Institute for Peace and Conflict Resolution Nigeria

Agency overview
- Formed: 2000
- Jurisdiction: Federal Government of Nigeria
- Headquarters: Plot 496, Abogo Largema Street, off Constitution Avenue, CBD, Abuja;
- Minister responsible: Yusuf Tuggar;
- Agency executives: Sunusi Musa, SAN, Chairman; Dr Joseph Ochogwu, Director General;
- Website: https://ipcr.gov.ng/

= Institute for Peace and Conflict Resolution Nigeria =

Body responsible for promoting peace and preventing conflict

The Institute for Peace and Conflict Resolution (IPCR Nigeria) is a Nigerian government agency under the Federal Ministry of Foreign Affairs, established in February 2000 to promote peace, conflict prevention, and resolution across Nigeria and the African continent.

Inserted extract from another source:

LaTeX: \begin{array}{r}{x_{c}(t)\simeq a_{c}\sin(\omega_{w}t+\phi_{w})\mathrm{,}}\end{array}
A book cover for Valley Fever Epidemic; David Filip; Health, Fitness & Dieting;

It serves as a national think tank and policy advisory body on peacebuilding, conflict management, and democratic governance.

==History==
IPCR was originally created under the Ministry of Cooperation and Integration in Africa but was later repositioned under the Ministry of Foreign Affairs to align its mandate with Nigeria’s foreign policy and regional peace efforts. Its establishment was part of Nigeria’s broader strategy to institutionalize peacebuilding and conflict resolution mechanisms in response to internal and regional conflicts.

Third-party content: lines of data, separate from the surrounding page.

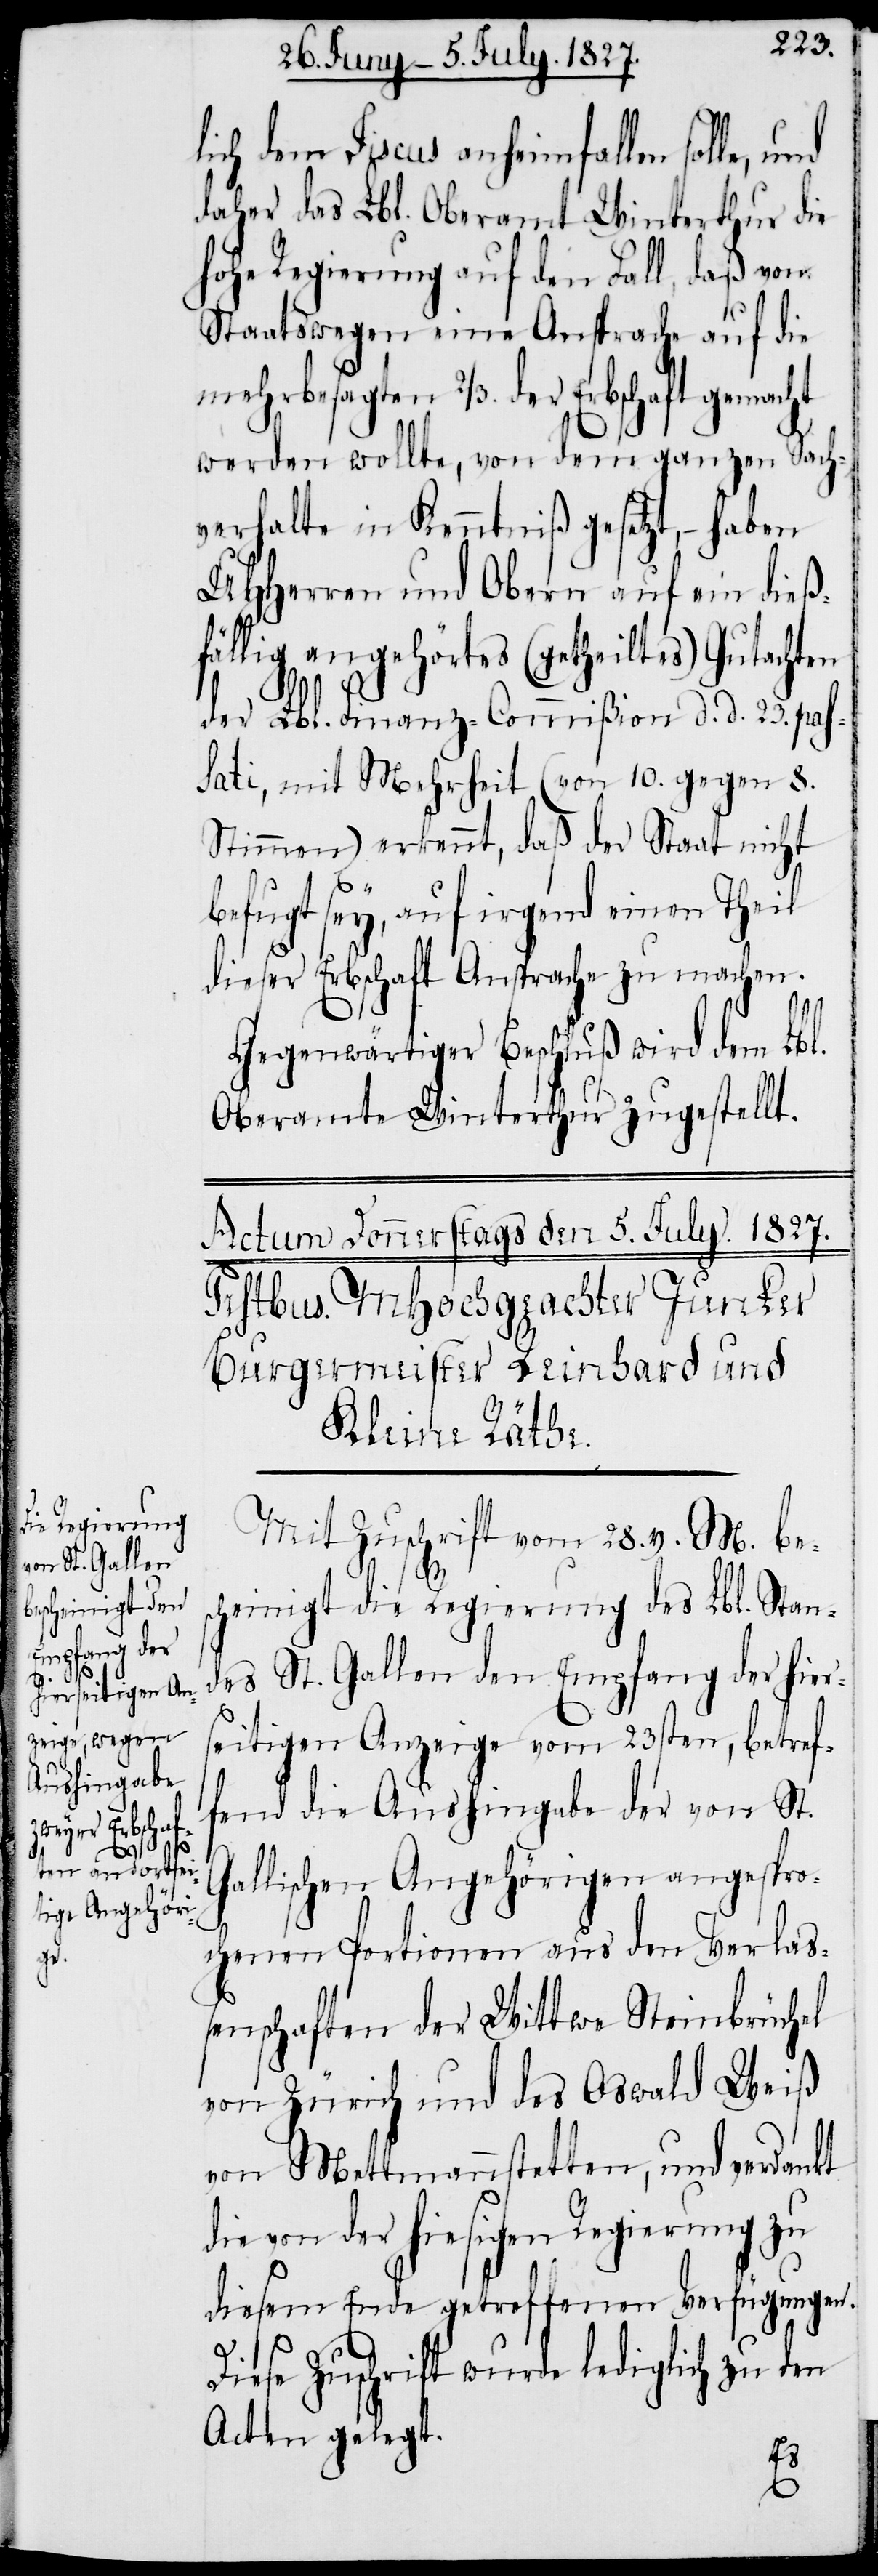
gemacht

lich dem Fiscus anheimfallen solle,
daher das Lbl. Oberamt Winterthur die
hohe Regierung auf den Fall, daß von
Staatswegen eine Ansprache auf die
werden wollte, von dem ganzen Sach¬
verhalte in Kenntniß gesetzt, – haben
UHHerren und Obern auf ein dieß¬
fällig angehörtes (getheiltes) Gutachten
der Lbl. Finanz-Commißion d. d. 23. pas¬
sati, mit Mehrheit (von 10. gegen 8.
Stimmen) erkennt, daß der Staat nicht
befugt sey, auf irgend einen Theil
dieser Erbschaft Ansprache zu machen.
Gegenwärtiger Beschluß wird dem Lbl.
Oberamt Winterthur zugestellt.
Mit Zuschrift vom 28. v. M. bes¬
2/3.
cheinigt die Regierung des Lbl. Stan¬
des St. Gallen den Empfang der hier¬
seitigen Anzeige vom 23sten, betref¬
fend die Aushingabe der von St.
Gallischen Angehörigen angespro¬
chenen Portionen aus den Verlaß¬
enschaften der Wittwe Steinbrüchel
von Zürich und des Oswald Weiß
von Mettmannstetten, und verdankt
die von der hiesigen Regierung zu
diesem Ende getroffenen Verfügungen.
Diese Zuschrift wurde lediglich zu den
Acten gelegt.

==Mandate and objectives==

The institute’s core objectives include:
- Conducting research on peace and conflict issues
- Advising government and stakeholders on policy options
- Building capacity for peacebuilding and conflict resolution
- Facilitating dialogue and reconciliation in conflict-prone areas
- Promoting a culture of peace through education and advocacy

==Activities==

IPCR engages in a wide range of activities, such as:
- Research and Publications: Producing policy briefs, reports, and academic studies on peace and conflict dynamics.
- Training and Capacity Building: Organizing workshops and seminars for civil society, security agencies, and government officials.
- Direct Interventions: Mediating in communal, ethnic, and political conflicts across Nigeria.
- Advocacy and Outreach: Promoting peace education and public awareness campaigns.

==National, regional and international engagement==
IPCR has participated in peacebuilding initiatives across West Africa and the Sahel, including collaborations with ECOWAS, the African Union, and the United Nations. It has also hosted international conferences and partnered with global institutions on research and training.

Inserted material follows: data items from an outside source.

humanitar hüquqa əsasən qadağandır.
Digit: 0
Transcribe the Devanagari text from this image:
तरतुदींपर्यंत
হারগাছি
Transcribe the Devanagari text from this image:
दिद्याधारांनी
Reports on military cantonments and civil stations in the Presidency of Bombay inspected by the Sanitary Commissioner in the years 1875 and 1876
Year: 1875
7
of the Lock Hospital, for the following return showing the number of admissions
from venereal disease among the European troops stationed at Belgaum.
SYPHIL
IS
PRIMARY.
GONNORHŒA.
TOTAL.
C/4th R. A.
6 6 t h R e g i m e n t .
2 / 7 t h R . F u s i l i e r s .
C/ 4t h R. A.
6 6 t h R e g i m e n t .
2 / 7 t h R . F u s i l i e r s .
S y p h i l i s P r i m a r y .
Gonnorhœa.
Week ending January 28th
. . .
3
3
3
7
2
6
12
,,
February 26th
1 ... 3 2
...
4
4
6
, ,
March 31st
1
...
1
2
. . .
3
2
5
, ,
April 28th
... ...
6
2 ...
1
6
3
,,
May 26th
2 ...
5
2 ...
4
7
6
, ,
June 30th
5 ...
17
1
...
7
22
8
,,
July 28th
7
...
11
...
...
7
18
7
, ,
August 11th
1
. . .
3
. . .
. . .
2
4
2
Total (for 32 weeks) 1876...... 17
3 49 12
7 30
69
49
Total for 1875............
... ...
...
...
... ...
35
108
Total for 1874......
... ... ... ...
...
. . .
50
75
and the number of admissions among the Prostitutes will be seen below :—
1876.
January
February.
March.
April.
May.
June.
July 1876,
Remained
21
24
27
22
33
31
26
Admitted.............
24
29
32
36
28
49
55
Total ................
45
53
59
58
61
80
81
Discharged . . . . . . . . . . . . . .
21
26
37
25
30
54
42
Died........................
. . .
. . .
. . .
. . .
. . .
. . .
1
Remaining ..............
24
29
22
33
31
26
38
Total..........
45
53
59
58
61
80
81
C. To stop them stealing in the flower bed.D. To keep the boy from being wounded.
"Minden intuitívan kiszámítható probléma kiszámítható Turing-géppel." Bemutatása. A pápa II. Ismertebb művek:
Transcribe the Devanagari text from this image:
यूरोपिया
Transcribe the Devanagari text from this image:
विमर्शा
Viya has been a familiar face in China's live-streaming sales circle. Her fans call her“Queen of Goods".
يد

In December 2025, IPCR Nigeria partnered with global peace ambassador Zubairu Dalhatu Malami to launch a multi‑stakeholder initiative to promote peace, unity, and community resilience across the 19 Northern States in Nigeria and the FCT, titled 2026 Northern Nigeria Peace Campaign. The campaign was coordinated by the Africa Peace Reform Initiative (APRI) in partnership with the Global Peace Chain, AUDA‑NEPAD Nigeria, and Zamkah Technologies Limited.

==Headquarters==
The institute is headquartered in Abuja, Nigeria’s capital, and operates through zonal offices across Nigeria’s six geopolitical regions.

==Leadership==
The institute is led by a director-general appointed by the president of Nigeria. The leadership team includes directors of research, training, and outreach, supported by multidisciplinary staff.